Recently, I took part in a Maple Leafs roundtable discussion about setting a deadline for the contract negotiations. With training camp starting, the Maple Leafs should give Marner’s camp an ultimatum: Here are deals that we feel are reasonable, you can sign one of them or risk missing the season.

I understand players wants to earn their value but there comes a time when, if they truly care about their team, they would sign. If not, they should pay the price by losing playing time or possibly miss out on a full season. Any player who doesn’t want their play to be affected would jump in and ask to have something done.

Toronto Maple Leafs Mitch Marner
Maple Leafs right wing Mitch Marner continues to be in a contract stalemate. (Frank Gunn/The Canadian Press via AP, File)

As much as many want to blame Marner, it all comes down to his agent. In reality, he has threatened to have his client go to Switzerland, has used offer sheets and has constantly put his client on a pedestal with Matthews, which shows he’s unrealistic and that he’s losing leverage as the start of the season gets closer.
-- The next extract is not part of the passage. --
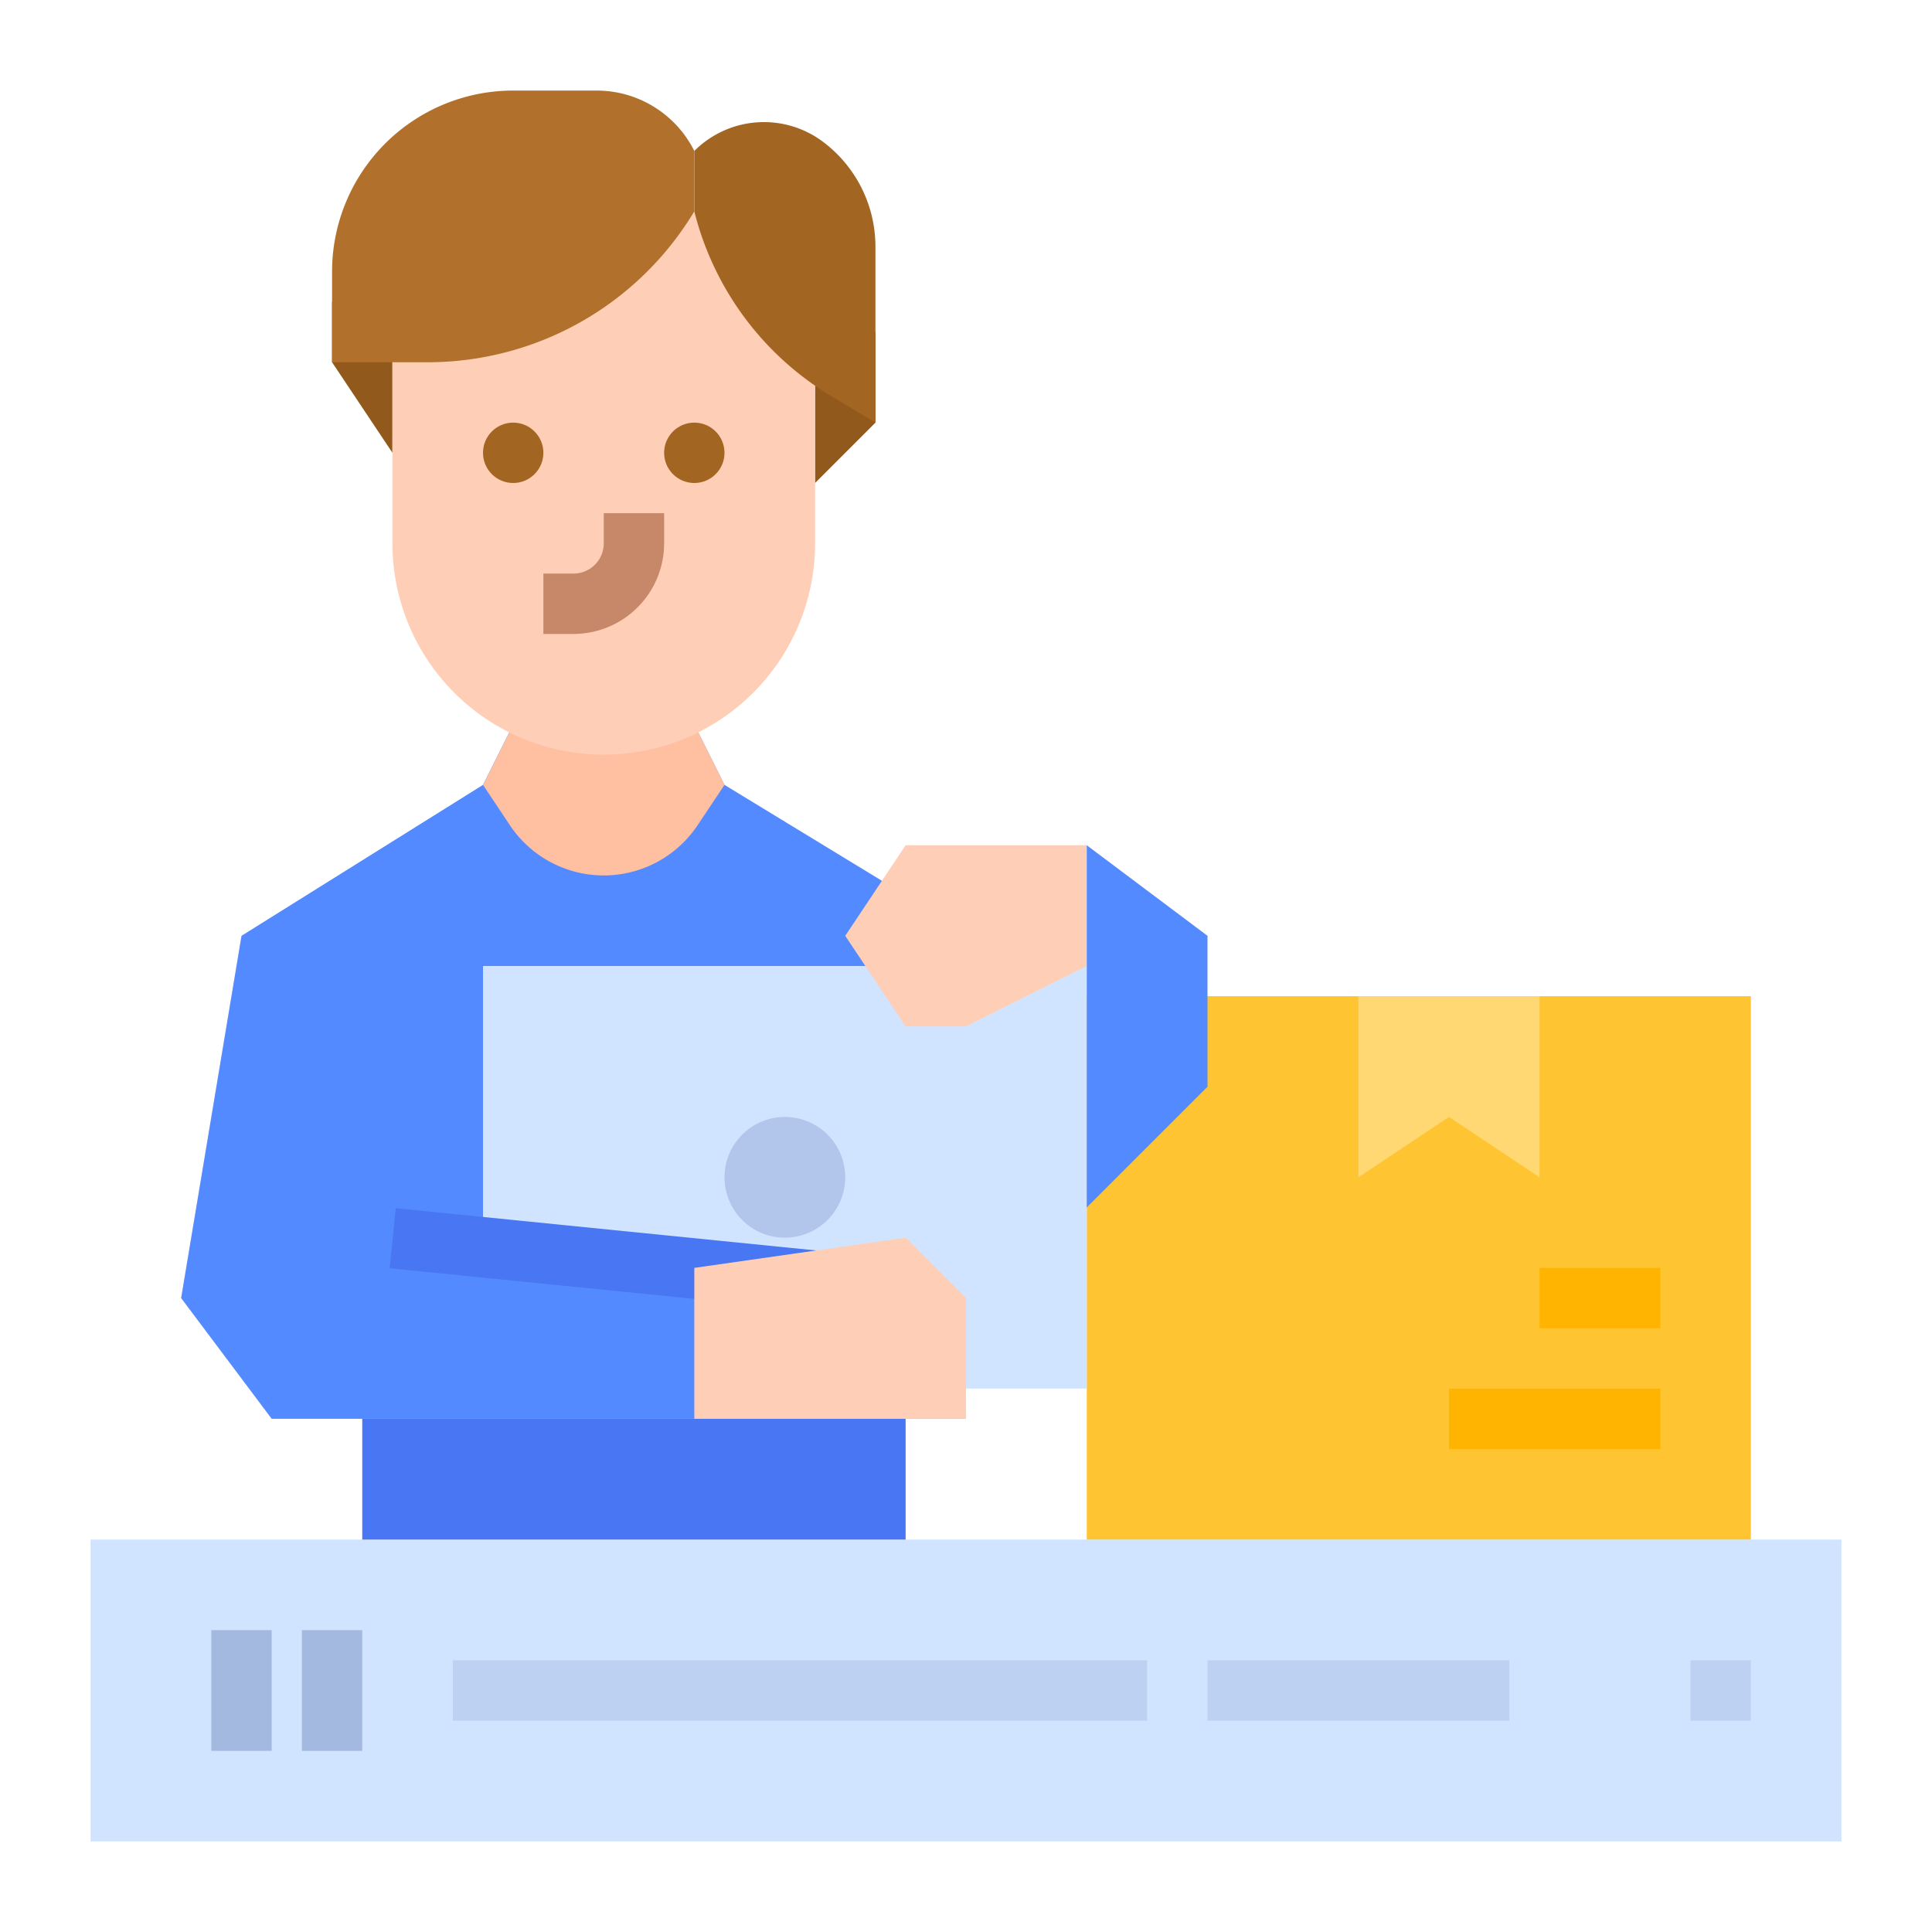 <?xml version="1.0" encoding="UTF-8"?> <svg xmlns="http://www.w3.org/2000/svg" id="flat" height="512" viewBox="0 0 512 512" width="512"><path d="m24 408h464v80h-464z" fill="#d1e4ff"></path><path d="m288 264h176v144h-176z" fill="#ffc431"></path><path d="m96 376h144v32h-144z" fill="#4976f2"></path><path d="m72 376-24-32 16-96 64-40 8-16h48l8 16 64 39v129z" fill="#548aff"></path><path d="m128 256v74.4l81.69 8.169 30.31 29.431h48v-112z" fill="#d1e4ff"></path><path d="m120 440h184v16h-184z" fill="#bdd1f2"></path><path d="m320 440h80v16h-80z" fill="#bdd1f2"></path><path d="m56 432h16v32h-16z" fill="#a4b9e0"></path><path d="m80 432h16v32h-16z" fill="#a4b9e0"></path><path d="m448 440h16v16h-16z" fill="#bdd1f2"></path><path d="m208 328a16 16 0 1 1 16-16 16.018 16.018 0 0 1 -16 16z" fill="#b2c6eb"></path><path d="m224 248 16 24h16l32-16v-32h-48z" fill="#ffceb6"></path><path d="m288 224 32 24v40l-32 32z" fill="#548aff"></path><path d="m154 275.511h15.999v116.579h-15.999z" fill="#4976f2" transform="matrix(.1 -.995 .995 .1 -186.262 461.783)"></path><path d="m184 376h72v-32l-16-16-56 8z" fill="#ffceb6"></path><path d="m192 208-7.125 10.687a29.896 29.896 0 0 1 -24.875 13.313 29.896 29.896 0 0 1 -24.875-13.313l-7.125-10.687 8-16h48z" fill="#ffbfa1"></path><path d="m360 264v48l24-16 24 16v-48z" fill="#ffd873"></path><path d="m408 336h32v16h-32z" fill="#ffb401"></path><path d="m384 368h56v16h-56z" fill="#ffb401"></path><path d="m216 128 16-16v-24h-16z" fill="#91591c"></path><path d="m104 120-16-24v-16h16z" fill="#91591c"></path><path d="m216 56v88a56 56 0 0 1 -56 56h-0a56 56 0 0 1 -56-56v-88z" fill="#ffceb6"></path><circle cx="136" cy="120" fill="#a36522" r="8"></circle><circle cx="184" cy="120" fill="#a36522" r="8"></circle><path d="m152 168h-8v-16h8a8.009 8.009 0 0 0 8-8v-8h16v8a24.027 24.027 0 0 1 -24 24z" fill="#c78869"></path><path d="m184 40a26.09 26.09 0 0 1 34.102-2.424 34.745 34.745 0 0 1 13.898 27.796v46.627l-11.716-7.029a79.632 79.632 0 0 1 -36.284-48.971z" fill="#a36522"></path><path d="m184 56a82.388 82.388 0 0 1 -70.648 40h-25.352v-24a48 48 0 0 1 48-48h22.111a28.944 28.944 0 0 1 25.889 16z" fill="#b1712c"></path></svg>

Ferris can play games, but it all works in the Maple Leafs’ favour. Playing in another league, losing money Marner could earn in the NHL or missing a full season, plays into the team’s strategy to get a deal done. No player would want to be affected by any of these factors.

Like Dubas, I remain optimistic that a deal will get done. But if Marner’s demands continue to be way too high, then this could get even uglier. If there is radio silence on Dubas’ end until a deal is signed, then the clock is ticking for the Marner camp. Agree to a deal or miss extensive game time; it’s time to make a decision.